此后,作为“回到了党里”的“紧急会议”派的肖明等,仍在中共北方局特委领导下开展活动,赵梅生则返回北大继续从事党的活动。他一直对开除他党籍的处分并未表现出消极情绪,认为那只是“切断关系”而已,因此他除了在北大开展地下工作外,依然在党外与中共华北特委保持联系,秘密地进行军事情报的工作。此后,他的积极表现也就使得他恢复了党籍。
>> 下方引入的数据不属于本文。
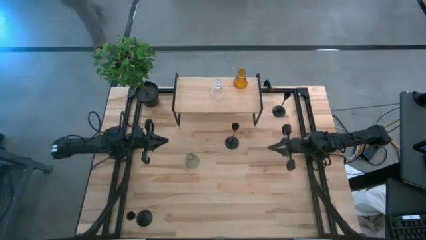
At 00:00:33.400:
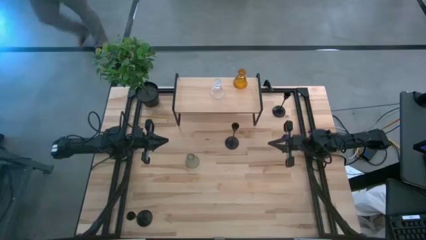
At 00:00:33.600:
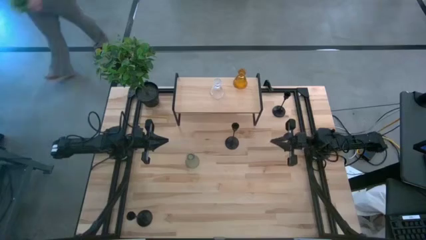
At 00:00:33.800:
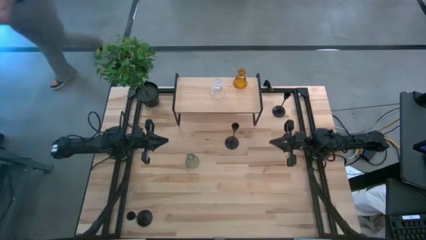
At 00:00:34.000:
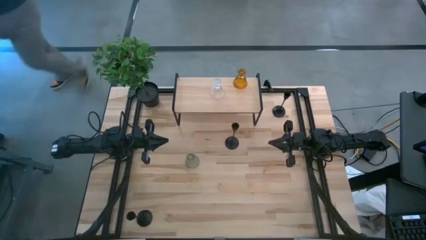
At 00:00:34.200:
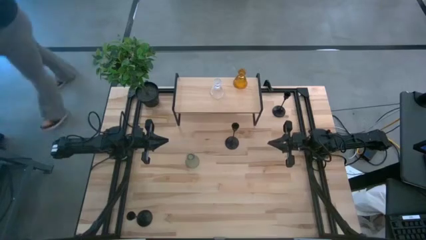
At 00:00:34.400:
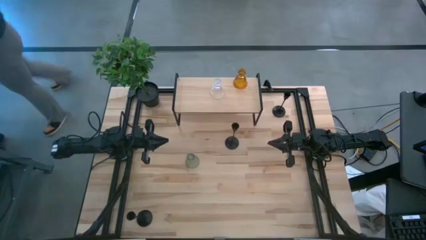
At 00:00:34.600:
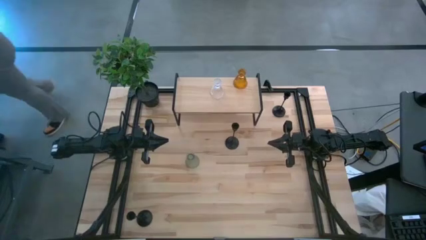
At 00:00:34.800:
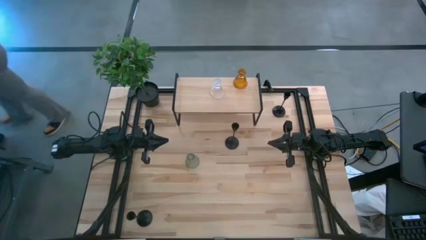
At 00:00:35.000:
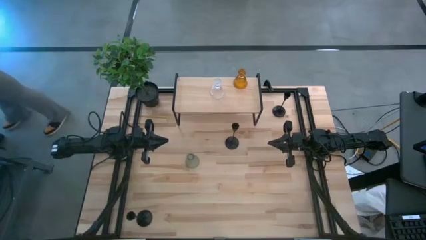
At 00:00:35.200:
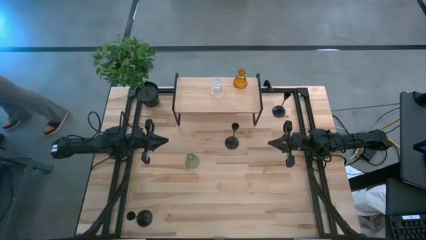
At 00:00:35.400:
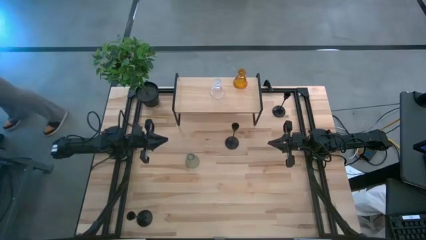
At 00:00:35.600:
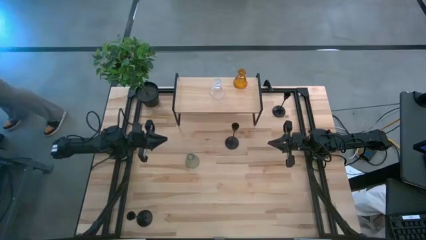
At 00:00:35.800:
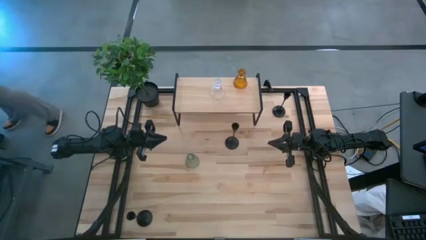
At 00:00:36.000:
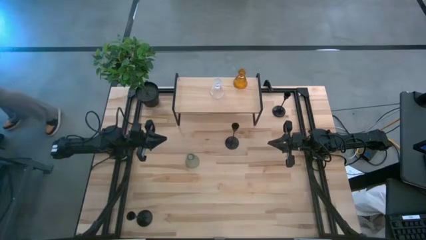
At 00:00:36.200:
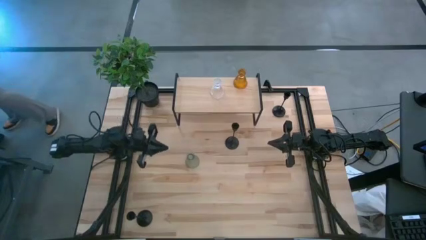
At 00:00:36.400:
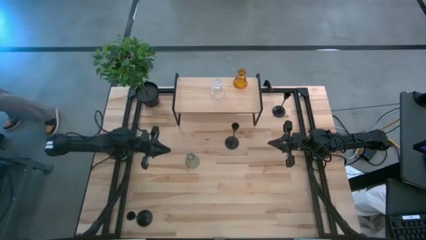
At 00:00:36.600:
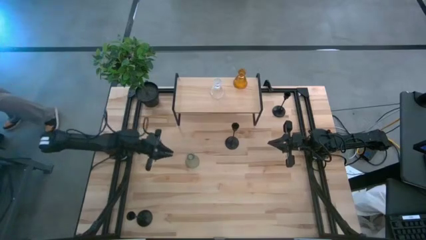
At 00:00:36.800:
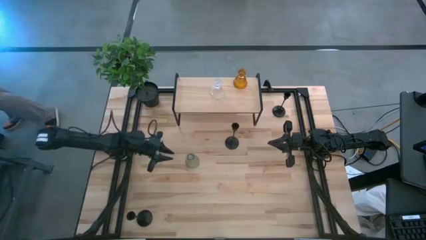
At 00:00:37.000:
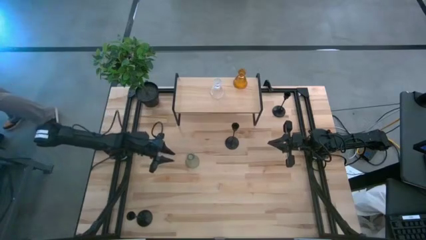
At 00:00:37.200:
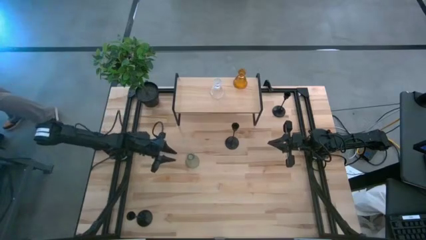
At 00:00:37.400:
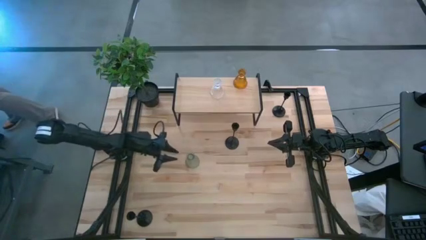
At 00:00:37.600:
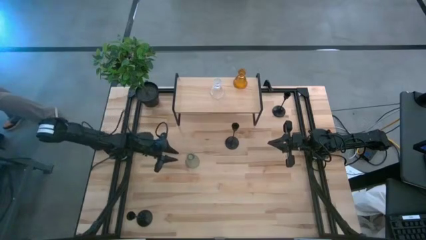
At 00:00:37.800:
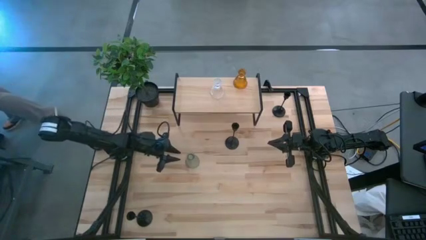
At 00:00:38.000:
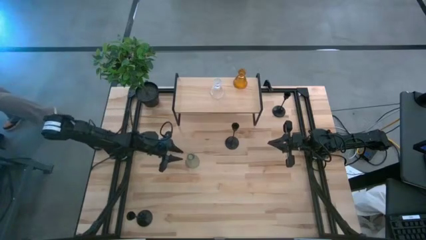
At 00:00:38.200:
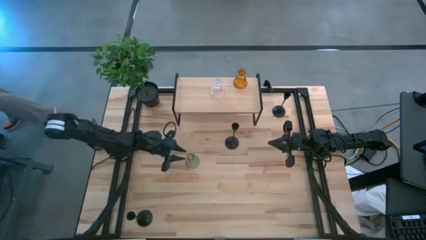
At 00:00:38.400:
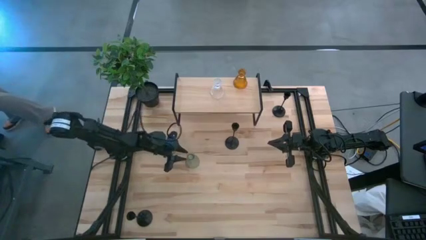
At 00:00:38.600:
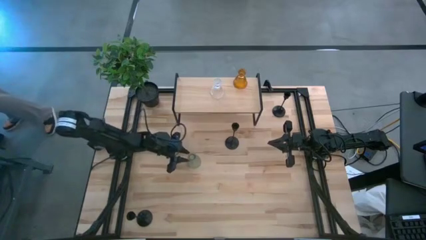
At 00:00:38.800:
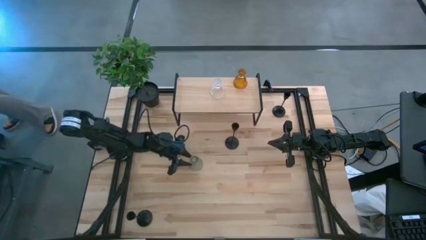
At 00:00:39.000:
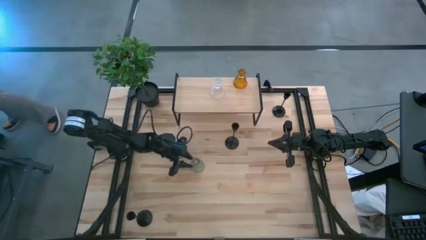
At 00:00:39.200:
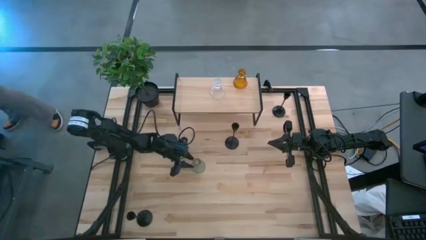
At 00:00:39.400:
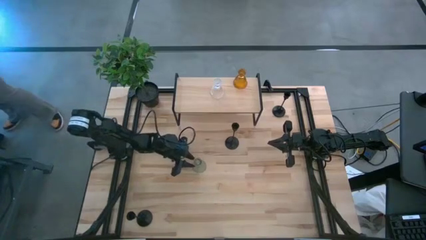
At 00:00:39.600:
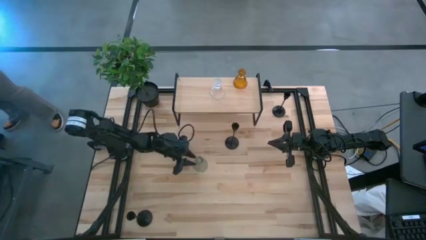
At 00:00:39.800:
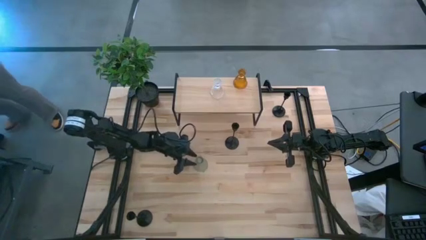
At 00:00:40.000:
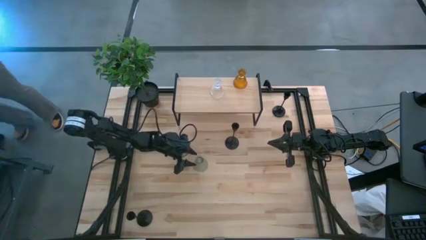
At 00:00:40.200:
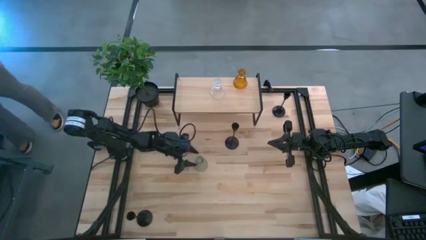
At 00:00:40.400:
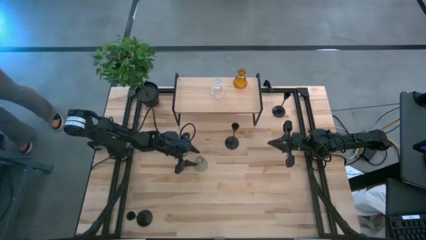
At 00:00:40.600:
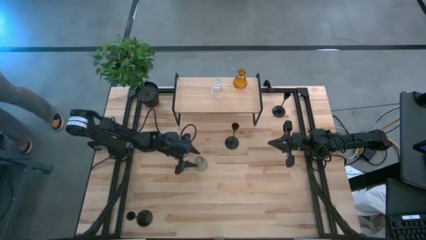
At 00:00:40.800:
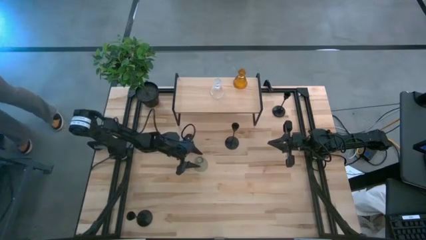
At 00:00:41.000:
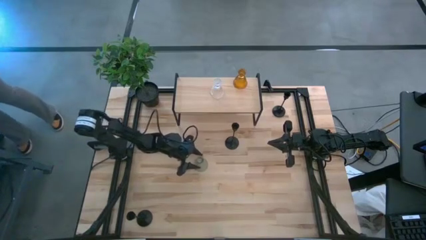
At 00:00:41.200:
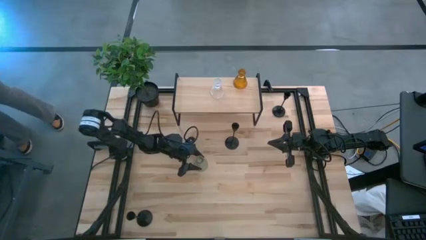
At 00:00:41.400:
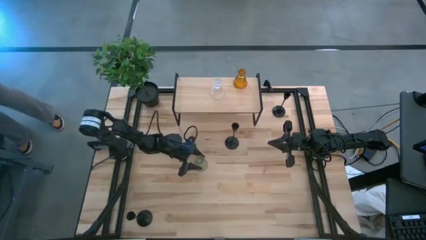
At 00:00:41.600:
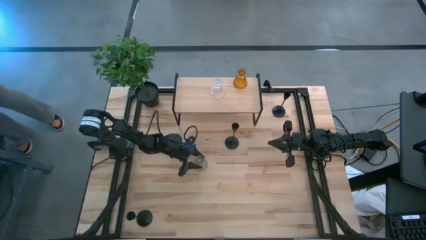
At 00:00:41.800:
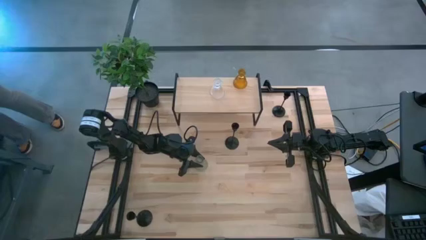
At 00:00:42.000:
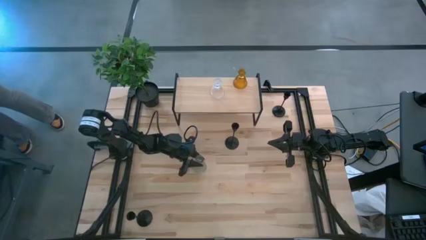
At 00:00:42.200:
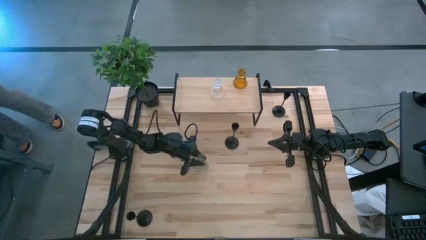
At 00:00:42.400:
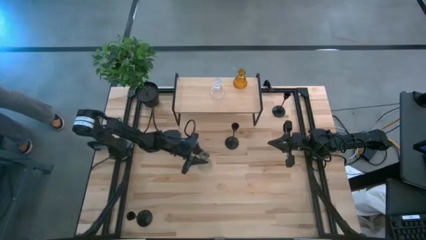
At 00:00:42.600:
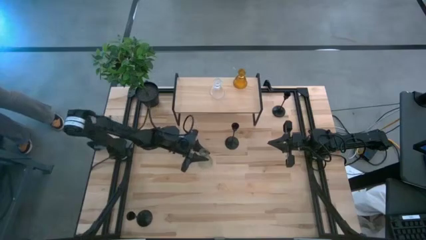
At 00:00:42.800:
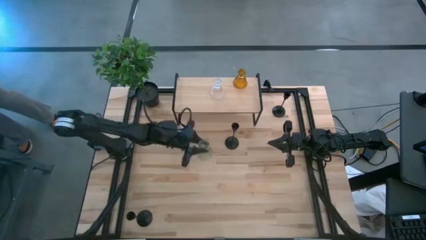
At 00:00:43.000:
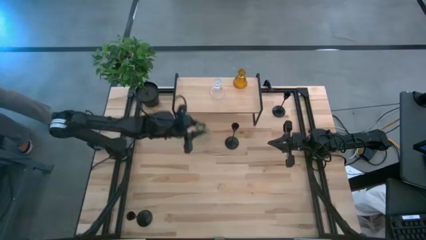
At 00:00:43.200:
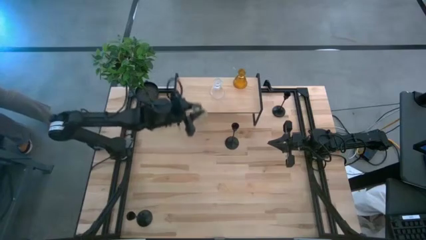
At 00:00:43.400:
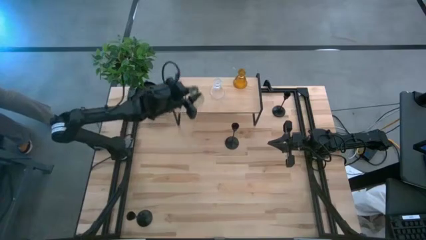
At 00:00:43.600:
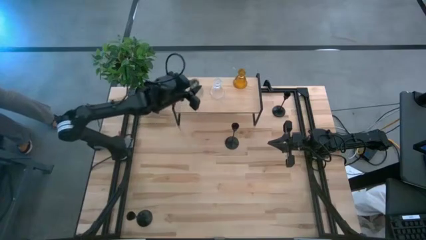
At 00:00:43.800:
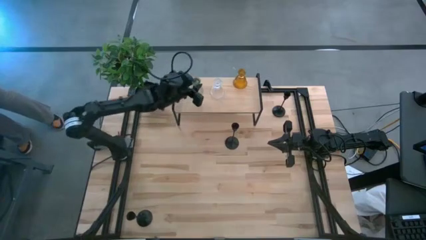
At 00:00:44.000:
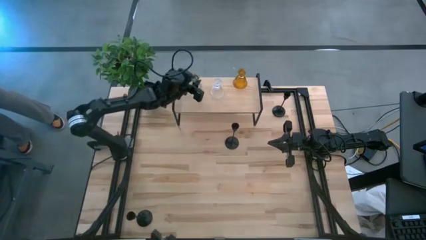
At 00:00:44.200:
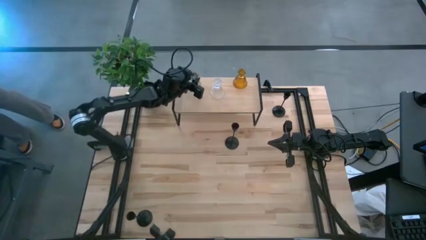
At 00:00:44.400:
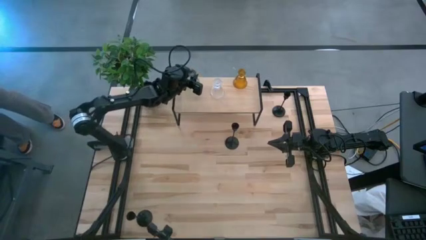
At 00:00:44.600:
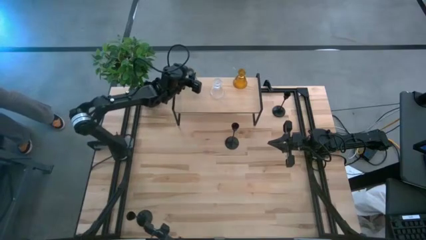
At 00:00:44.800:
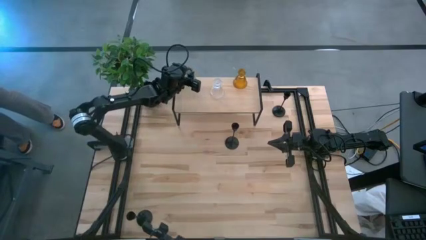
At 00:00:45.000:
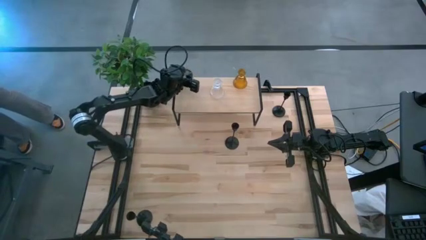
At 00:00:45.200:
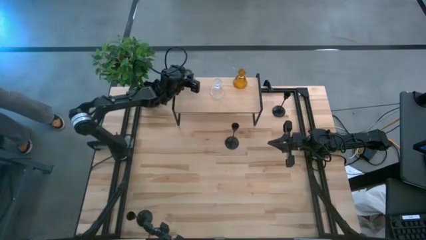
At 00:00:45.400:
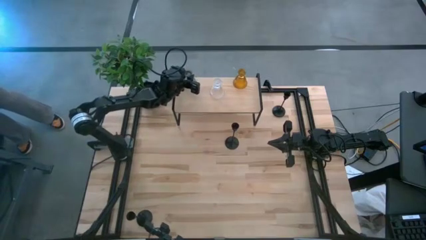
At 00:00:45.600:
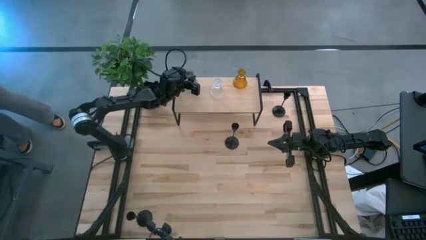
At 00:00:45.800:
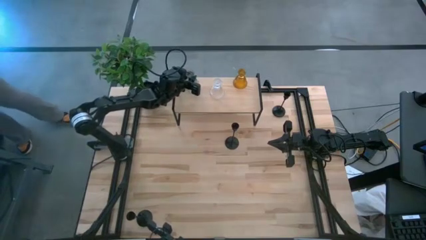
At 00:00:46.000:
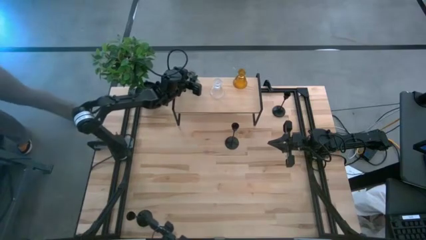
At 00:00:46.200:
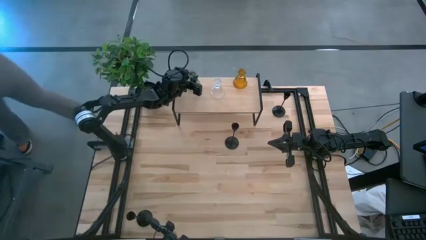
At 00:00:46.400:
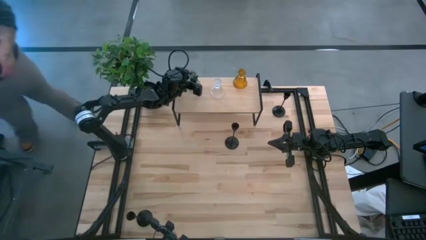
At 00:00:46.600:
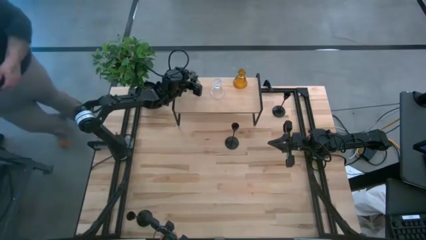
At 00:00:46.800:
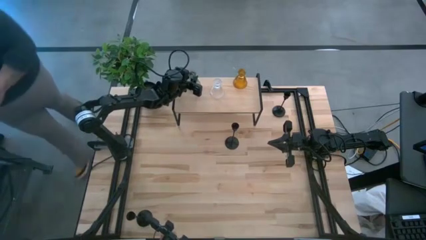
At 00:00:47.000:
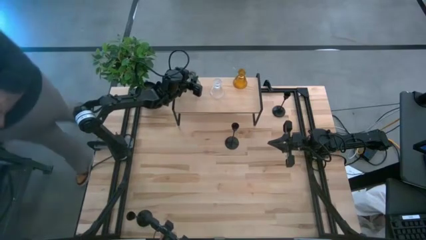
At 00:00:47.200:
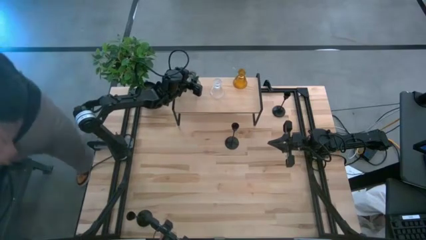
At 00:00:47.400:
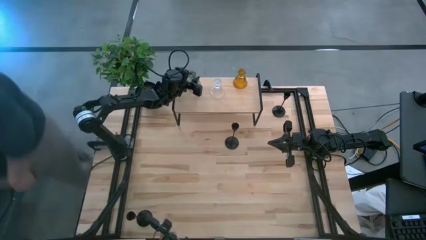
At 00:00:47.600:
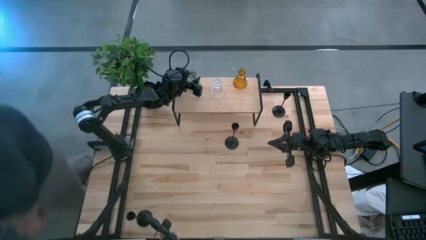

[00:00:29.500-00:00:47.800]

1931年“九一八”事变后,民族矛盾迅速上升,北大也成为北方救亡运动的发难地。11月30日,北大全体学生召开大会,议决赴南京请愿。赵梅生则主张不是“请愿”而是“示威”。随即北大实行罢课,并派人员南下示威。赵梅生遂组织领导了“北京大学全体同学南下示威团”赴南京进行抗日救亡斗争。在南京,他又一次被捕。在狱中,他发动难友开展绝食斗争,并撰写歌词鼓励大家。其歌词是:“北大!北大!一切不怕。摇旗呐喊,示威南下。现被绳绑,又换枪把。绝食两天,不算什么!作了囚犯,还是不怕。不怕,不怕,北大!北大!”此后由于各地的声援,他与被捕同学才获得释放,随即被国民党军警强行押回北平。

1932年,赵梅生在北大毕业后,由党组织派回家乡,秘密担任中共山西汾阳特委书记。当时下野的冯玉祥在山西汾阳成立了军官学校,实际由中共给予帮助,赵梅生也在这所学校以文书的身份为掩护开展兵运工作。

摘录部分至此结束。